== Source material

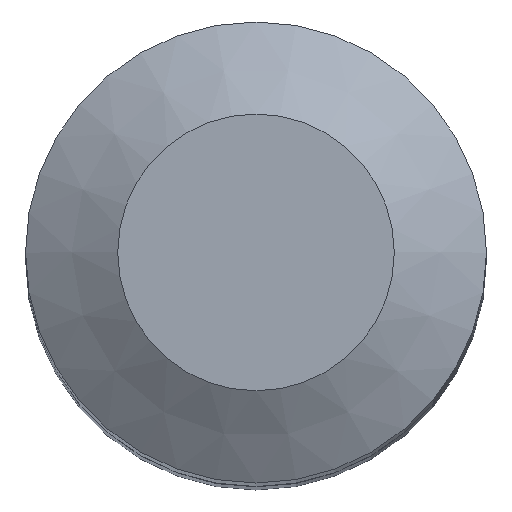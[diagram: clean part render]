
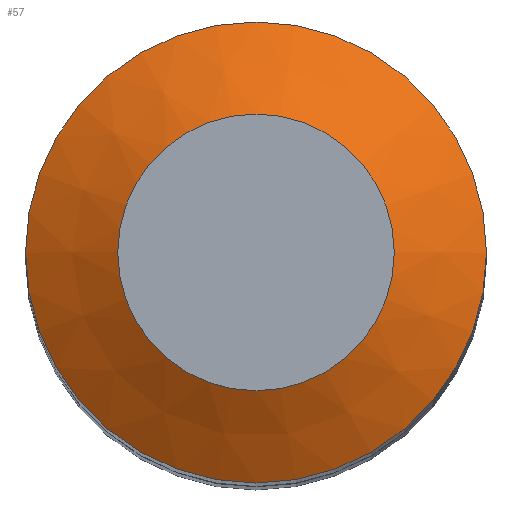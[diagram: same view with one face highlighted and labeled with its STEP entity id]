
A CAD part, top view. The second image highlights one B-rep face of the part: STEP entity #57.
In plain terms, the highlighted conical face has half-angle 60 degrees and reference radius 5 mm.
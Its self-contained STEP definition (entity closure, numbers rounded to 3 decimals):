
#57=ADVANCED_FACE('',(#74,#75),#65,.T.);
#65=CONICAL_SURFACE('',#186,5.,60.);
#74=FACE_BOUND('',#89,.T.);
#75=FACE_BOUND('',#90,.T.);
#89=EDGE_LOOP('',(#105));
#90=EDGE_LOOP('',(#106));
#105=ORIENTED_EDGE('',*,*,#127,.T.);
#106=ORIENTED_EDGE('',*,*,#128,.F.);
#118=VERTEX_POINT('',#269);
#119=VERTEX_POINT('',#272);
#127=EDGE_CURVE('',#118,#118,#135,.T.);
#128=EDGE_CURVE('',#119,#119,#136,.T.);
#135=CIRCLE('',#183,3.);
#136=CIRCLE('',#185,5.);
#183=AXIS2_PLACEMENT_3D('',#268,#216,#217);
#185=AXIS2_PLACEMENT_3D('',#271,#220,#221);
#186=AXIS2_PLACEMENT_3D('',#273,#222,#223);
#216=DIRECTION('',(0.,0.,-1.));
#217=DIRECTION('',(1.,0.,0.));
#220=DIRECTION('',(0.,0.,-1.));
#221=DIRECTION('',(1.,0.,0.));
#222=DIRECTION('',(0.,0.,-1.));
#223=DIRECTION('',(1.,0.,0.));
#268=CARTESIAN_POINT('',(0.,0.,0.));
#269=CARTESIAN_POINT('',(3.,0.,0.));
#271=CARTESIAN_POINT('',(0.,0.,-1.155));
#272=CARTESIAN_POINT('',(5.,0.,-1.155));
#273=CARTESIAN_POINT('',(0.,0.,-1.155));

====

For each entry, copy the text exactly and leave out any image it carries.

[diagram: clean part render]
[diagram: same view with one face highlighted and labeled with its STEP entity id]
A CAD part, top view. The second image highlights one B-rep face of the part: STEP entity #57.
In plain terms, the highlighted conical face has half-angle 60 degrees and reference radius 5 mm.
Its self-contained STEP definition (entity closure, numbers rounded to 3 decimals):
#57=ADVANCED_FACE('',(#74,#75),#65,.T.);
#65=CONICAL_SURFACE('',#186,5.,60.);
#74=FACE_BOUND('',#89,.T.);
#75=FACE_BOUND('',#90,.T.);
#89=EDGE_LOOP('',(#105));
#90=EDGE_LOOP('',(#106));
#105=ORIENTED_EDGE('',*,*,#127,.T.);
#106=ORIENTED_EDGE('',*,*,#128,.F.);
#118=VERTEX_POINT('',#269);
#119=VERTEX_POINT('',#272);
#127=EDGE_CURVE('',#118,#118,#135,.T.);
#128=EDGE_CURVE('',#119,#119,#136,.T.);
#135=CIRCLE('',#183,3.);
#136=CIRCLE('',#185,5.);
#183=AXIS2_PLACEMENT_3D('',#268,#216,#217);
#185=AXIS2_PLACEMENT_3D('',#271,#220,#221);
#186=AXIS2_PLACEMENT_3D('',#273,#222,#223);
#216=DIRECTION('',(0.,0.,-1.));
#217=DIRECTION('',(1.,0.,0.));
#220=DIRECTION('',(0.,0.,-1.));
#221=DIRECTION('',(1.,0.,0.));
#222=DIRECTION('',(0.,0.,-1.));
#223=DIRECTION('',(1.,0.,0.));
#268=CARTESIAN_POINT('',(0.,0.,0.));
#269=CARTESIAN_POINT('',(3.,0.,0.));
#271=CARTESIAN_POINT('',(0.,0.,-1.155));
#272=CARTESIAN_POINT('',(5.,0.,-1.155));
#273=CARTESIAN_POINT('',(0.,0.,-1.155));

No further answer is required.